Directions for this task » Search the data for the string "fire" and copy each line in which it appears.

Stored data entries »

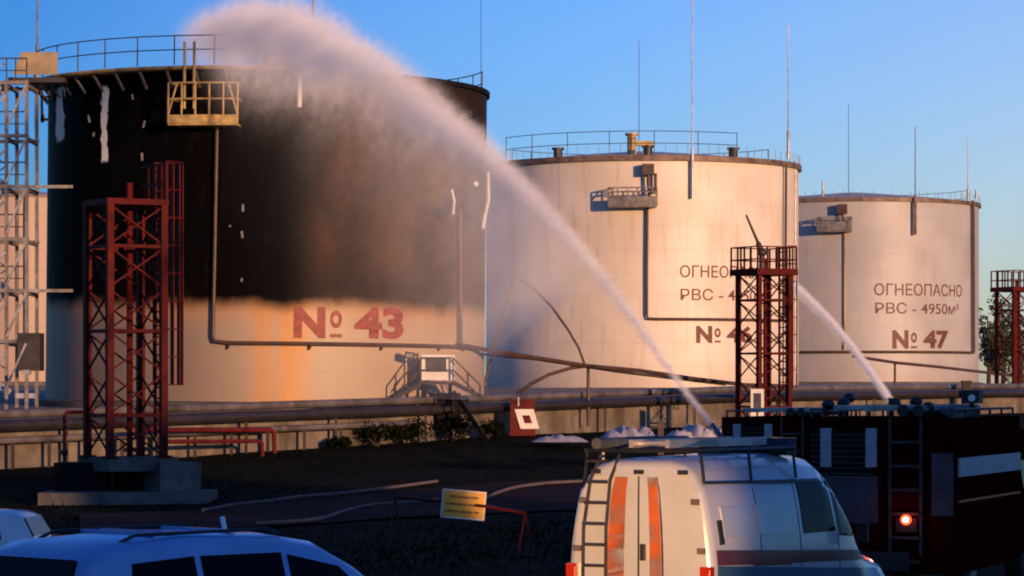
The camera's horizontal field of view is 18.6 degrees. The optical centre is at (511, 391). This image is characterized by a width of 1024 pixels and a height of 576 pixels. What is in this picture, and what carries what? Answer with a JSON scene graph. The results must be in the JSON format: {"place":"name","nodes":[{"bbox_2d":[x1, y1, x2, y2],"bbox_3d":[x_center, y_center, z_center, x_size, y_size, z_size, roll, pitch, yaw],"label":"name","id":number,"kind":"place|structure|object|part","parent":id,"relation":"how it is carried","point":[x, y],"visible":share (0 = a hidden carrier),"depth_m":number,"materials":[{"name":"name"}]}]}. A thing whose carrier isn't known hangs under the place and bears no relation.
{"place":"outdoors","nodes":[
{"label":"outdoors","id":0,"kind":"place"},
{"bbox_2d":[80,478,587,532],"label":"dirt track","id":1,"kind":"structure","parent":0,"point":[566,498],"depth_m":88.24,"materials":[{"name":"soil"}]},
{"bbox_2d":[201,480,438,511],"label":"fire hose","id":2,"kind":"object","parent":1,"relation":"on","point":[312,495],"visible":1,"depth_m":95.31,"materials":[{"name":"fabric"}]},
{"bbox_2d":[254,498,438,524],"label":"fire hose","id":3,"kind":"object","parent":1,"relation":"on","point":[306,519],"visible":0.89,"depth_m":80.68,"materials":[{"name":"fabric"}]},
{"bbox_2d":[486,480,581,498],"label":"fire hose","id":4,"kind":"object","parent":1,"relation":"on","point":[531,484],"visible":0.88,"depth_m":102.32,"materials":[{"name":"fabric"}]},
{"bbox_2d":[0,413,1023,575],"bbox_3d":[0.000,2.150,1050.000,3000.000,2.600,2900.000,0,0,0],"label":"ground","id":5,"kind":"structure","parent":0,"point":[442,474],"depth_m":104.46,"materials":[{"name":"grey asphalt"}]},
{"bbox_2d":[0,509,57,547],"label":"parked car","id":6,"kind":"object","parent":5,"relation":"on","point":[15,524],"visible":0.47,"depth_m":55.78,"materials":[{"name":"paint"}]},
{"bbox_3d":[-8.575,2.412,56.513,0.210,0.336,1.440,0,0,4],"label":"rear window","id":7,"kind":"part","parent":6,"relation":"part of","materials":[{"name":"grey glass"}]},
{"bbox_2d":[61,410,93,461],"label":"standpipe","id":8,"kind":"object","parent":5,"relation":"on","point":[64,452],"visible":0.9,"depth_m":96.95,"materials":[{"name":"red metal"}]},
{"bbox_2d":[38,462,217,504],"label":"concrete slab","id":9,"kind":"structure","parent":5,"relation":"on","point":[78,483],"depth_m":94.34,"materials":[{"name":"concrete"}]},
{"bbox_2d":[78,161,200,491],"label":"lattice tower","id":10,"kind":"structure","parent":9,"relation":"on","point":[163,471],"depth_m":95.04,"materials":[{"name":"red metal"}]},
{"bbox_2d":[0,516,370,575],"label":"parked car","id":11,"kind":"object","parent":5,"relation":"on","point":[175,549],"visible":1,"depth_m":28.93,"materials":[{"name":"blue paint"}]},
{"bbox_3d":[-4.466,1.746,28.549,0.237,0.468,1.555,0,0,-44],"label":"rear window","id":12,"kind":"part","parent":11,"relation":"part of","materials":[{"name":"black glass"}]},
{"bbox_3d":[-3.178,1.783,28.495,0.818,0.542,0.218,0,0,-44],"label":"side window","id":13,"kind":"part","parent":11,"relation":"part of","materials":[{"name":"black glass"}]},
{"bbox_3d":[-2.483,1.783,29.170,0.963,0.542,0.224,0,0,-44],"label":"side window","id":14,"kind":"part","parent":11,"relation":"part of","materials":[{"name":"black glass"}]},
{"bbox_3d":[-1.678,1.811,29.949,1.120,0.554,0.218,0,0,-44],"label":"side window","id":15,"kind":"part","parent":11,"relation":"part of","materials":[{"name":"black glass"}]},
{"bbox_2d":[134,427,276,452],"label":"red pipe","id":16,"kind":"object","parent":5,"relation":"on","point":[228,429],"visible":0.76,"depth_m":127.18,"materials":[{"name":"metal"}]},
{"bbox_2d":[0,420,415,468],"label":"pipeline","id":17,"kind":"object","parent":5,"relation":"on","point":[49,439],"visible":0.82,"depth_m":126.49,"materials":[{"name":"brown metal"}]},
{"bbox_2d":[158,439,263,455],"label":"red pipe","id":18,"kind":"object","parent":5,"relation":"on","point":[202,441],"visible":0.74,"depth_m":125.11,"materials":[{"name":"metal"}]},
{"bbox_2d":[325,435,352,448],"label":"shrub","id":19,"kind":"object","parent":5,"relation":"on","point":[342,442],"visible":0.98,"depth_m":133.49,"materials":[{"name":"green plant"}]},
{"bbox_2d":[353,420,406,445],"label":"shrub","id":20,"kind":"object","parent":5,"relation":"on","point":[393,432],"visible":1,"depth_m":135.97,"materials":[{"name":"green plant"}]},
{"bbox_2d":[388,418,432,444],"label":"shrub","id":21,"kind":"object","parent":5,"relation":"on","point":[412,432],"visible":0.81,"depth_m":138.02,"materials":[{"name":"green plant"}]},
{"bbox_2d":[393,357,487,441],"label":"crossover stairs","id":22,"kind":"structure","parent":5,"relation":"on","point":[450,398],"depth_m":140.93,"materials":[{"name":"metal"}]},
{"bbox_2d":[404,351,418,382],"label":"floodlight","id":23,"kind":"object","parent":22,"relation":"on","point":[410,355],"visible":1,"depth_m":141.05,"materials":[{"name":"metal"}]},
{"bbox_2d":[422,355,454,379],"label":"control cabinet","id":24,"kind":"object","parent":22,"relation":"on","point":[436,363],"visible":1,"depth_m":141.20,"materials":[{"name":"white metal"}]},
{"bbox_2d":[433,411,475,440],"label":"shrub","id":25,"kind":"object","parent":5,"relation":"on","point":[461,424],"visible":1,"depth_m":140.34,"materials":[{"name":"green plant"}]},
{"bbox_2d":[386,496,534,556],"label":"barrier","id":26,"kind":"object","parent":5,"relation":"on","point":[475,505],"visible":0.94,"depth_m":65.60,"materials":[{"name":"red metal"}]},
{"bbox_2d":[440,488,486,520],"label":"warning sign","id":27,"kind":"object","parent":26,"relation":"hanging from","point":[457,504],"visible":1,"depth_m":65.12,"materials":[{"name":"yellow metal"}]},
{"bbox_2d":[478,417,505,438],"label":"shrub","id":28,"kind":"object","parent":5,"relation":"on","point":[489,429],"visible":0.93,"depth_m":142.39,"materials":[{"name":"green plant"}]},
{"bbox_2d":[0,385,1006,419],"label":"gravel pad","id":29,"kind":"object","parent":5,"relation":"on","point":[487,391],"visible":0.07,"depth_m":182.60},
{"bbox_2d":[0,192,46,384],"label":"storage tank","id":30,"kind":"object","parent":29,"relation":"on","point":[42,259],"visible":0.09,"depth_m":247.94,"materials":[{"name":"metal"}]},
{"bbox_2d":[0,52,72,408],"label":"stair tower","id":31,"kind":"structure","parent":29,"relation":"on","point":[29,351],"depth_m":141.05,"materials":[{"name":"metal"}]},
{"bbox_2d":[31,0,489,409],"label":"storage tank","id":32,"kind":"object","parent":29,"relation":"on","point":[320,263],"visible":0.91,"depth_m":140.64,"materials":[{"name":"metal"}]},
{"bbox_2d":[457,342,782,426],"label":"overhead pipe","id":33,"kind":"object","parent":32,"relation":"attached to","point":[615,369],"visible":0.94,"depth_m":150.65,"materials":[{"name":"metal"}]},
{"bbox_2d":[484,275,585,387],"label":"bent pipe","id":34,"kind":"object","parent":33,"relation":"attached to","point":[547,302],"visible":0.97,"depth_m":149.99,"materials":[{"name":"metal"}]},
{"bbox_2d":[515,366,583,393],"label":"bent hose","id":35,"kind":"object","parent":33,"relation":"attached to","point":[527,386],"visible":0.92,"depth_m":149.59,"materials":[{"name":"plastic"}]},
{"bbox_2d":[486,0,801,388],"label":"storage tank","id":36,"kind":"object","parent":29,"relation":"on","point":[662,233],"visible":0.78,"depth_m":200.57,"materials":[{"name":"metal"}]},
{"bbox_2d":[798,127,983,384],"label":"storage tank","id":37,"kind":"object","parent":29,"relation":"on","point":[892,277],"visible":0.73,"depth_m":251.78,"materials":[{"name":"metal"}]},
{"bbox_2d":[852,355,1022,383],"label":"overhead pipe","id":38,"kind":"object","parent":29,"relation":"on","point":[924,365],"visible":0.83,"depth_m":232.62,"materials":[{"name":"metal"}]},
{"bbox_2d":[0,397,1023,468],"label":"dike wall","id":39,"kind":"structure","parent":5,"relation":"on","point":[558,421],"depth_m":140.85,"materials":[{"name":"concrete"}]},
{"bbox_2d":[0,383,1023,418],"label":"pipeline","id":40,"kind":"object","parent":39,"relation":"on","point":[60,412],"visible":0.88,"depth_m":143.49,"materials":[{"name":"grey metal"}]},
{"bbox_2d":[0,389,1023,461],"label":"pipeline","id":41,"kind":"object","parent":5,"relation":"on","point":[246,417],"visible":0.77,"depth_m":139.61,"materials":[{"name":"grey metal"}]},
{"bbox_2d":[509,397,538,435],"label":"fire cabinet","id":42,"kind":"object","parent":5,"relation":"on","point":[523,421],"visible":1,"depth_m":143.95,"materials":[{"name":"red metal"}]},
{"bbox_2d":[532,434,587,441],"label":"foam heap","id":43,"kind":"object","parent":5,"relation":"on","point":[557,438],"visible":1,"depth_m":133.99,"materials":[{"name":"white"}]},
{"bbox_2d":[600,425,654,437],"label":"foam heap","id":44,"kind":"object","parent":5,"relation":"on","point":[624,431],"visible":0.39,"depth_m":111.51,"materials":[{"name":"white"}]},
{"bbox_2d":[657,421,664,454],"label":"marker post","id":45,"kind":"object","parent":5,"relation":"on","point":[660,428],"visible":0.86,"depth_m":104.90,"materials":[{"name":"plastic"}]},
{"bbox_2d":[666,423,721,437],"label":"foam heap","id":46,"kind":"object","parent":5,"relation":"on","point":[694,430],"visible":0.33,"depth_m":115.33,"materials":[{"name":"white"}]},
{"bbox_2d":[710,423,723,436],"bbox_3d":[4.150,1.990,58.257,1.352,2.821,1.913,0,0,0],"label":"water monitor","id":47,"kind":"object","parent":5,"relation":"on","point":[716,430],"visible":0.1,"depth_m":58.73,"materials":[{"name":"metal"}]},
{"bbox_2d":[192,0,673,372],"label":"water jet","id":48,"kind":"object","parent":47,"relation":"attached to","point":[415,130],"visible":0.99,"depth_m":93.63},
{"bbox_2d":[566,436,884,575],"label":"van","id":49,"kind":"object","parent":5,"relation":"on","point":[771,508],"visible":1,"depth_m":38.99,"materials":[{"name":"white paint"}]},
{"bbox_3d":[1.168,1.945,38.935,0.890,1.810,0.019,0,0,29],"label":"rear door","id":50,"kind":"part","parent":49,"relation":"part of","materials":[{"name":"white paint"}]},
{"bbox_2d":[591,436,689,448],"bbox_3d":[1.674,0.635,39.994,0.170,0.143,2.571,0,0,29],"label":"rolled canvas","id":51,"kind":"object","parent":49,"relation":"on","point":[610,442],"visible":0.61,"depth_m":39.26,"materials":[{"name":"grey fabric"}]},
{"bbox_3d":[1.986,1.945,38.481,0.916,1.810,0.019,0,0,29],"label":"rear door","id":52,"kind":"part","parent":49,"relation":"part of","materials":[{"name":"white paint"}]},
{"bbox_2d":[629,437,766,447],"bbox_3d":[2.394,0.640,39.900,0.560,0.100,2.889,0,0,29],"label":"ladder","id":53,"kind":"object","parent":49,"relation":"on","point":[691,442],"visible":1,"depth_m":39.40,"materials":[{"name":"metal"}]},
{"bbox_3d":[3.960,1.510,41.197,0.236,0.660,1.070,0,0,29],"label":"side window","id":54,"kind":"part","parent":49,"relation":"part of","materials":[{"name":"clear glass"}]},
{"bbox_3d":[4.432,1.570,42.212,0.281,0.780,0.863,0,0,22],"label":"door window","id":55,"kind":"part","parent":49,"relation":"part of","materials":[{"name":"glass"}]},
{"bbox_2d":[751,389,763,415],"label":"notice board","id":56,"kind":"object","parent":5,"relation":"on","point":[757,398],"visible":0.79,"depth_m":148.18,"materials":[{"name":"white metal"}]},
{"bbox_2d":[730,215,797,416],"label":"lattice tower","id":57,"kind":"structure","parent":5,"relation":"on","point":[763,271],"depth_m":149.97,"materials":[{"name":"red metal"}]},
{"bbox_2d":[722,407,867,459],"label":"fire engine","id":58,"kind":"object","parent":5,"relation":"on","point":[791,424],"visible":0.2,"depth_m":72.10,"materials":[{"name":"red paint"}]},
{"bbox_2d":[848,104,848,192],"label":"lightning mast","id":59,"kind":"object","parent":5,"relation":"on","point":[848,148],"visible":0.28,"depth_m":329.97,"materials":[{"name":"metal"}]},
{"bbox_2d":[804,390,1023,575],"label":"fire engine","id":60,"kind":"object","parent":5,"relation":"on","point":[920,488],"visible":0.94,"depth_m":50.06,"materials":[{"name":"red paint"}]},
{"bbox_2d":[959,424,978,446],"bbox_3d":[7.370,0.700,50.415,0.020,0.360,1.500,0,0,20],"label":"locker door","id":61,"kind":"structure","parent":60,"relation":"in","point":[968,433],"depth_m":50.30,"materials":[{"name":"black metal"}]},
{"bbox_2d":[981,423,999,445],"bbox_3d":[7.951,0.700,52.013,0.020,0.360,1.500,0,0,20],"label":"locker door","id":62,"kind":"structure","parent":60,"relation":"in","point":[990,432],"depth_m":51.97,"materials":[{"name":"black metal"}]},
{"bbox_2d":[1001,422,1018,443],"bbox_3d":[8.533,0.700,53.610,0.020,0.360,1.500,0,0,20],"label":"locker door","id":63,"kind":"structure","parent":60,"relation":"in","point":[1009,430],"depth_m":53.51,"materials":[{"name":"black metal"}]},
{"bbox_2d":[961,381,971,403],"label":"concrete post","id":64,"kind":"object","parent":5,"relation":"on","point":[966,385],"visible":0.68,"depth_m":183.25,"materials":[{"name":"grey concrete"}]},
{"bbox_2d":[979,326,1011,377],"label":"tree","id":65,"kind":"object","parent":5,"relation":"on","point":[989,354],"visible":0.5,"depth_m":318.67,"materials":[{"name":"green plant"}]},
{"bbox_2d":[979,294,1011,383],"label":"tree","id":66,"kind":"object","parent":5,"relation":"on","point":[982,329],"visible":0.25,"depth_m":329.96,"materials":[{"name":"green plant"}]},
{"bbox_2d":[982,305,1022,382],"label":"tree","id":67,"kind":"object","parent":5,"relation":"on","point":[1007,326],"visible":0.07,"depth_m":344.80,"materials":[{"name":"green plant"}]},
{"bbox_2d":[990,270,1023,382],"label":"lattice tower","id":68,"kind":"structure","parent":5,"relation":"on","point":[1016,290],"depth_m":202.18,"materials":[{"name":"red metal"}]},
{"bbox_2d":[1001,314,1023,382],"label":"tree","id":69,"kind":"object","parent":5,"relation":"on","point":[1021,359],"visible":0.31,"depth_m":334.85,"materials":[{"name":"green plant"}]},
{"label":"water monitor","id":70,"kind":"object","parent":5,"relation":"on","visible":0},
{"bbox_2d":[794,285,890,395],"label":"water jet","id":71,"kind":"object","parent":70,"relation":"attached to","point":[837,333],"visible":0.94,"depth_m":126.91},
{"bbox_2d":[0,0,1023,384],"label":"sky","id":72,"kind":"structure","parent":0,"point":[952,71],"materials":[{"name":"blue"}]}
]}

Exercise answer »
{"bbox_2d":[201,480,438,511],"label":"fire hose","id":2,"kind":"object","parent":1,"relation":"on","point":[312,495],"visible":1,"depth_m":95.31,"materials":[{"name":"fabric"}]},
{"bbox_2d":[254,498,438,524],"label":"fire hose","id":3,"kind":"object","parent":1,"relation":"on","point":[306,519],"visible":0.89,"depth_m":80.68,"materials":[{"name":"fabric"}]},
{"bbox_2d":[486,480,581,498],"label":"fire hose","id":4,"kind":"object","parent":1,"relation":"on","point":[531,484],"visible":0.88,"depth_m":102.32,"materials":[{"name":"fabric"}]},
{"bbox_2d":[509,397,538,435],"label":"fire cabinet","id":42,"kind":"object","parent":5,"relation":"on","point":[523,421],"visible":1,"depth_m":143.95,"materials":[{"name":"red metal"}]},
{"bbox_2d":[722,407,867,459],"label":"fire engine","id":58,"kind":"object","parent":5,"relation":"on","point":[791,424],"visible":0.2,"depth_m":72.10,"materials":[{"name":"red paint"}]},
{"bbox_2d":[804,390,1023,575],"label":"fire engine","id":60,"kind":"object","parent":5,"relation":"on","point":[920,488],"visible":0.94,"depth_m":50.06,"materials":[{"name":"red paint"}]},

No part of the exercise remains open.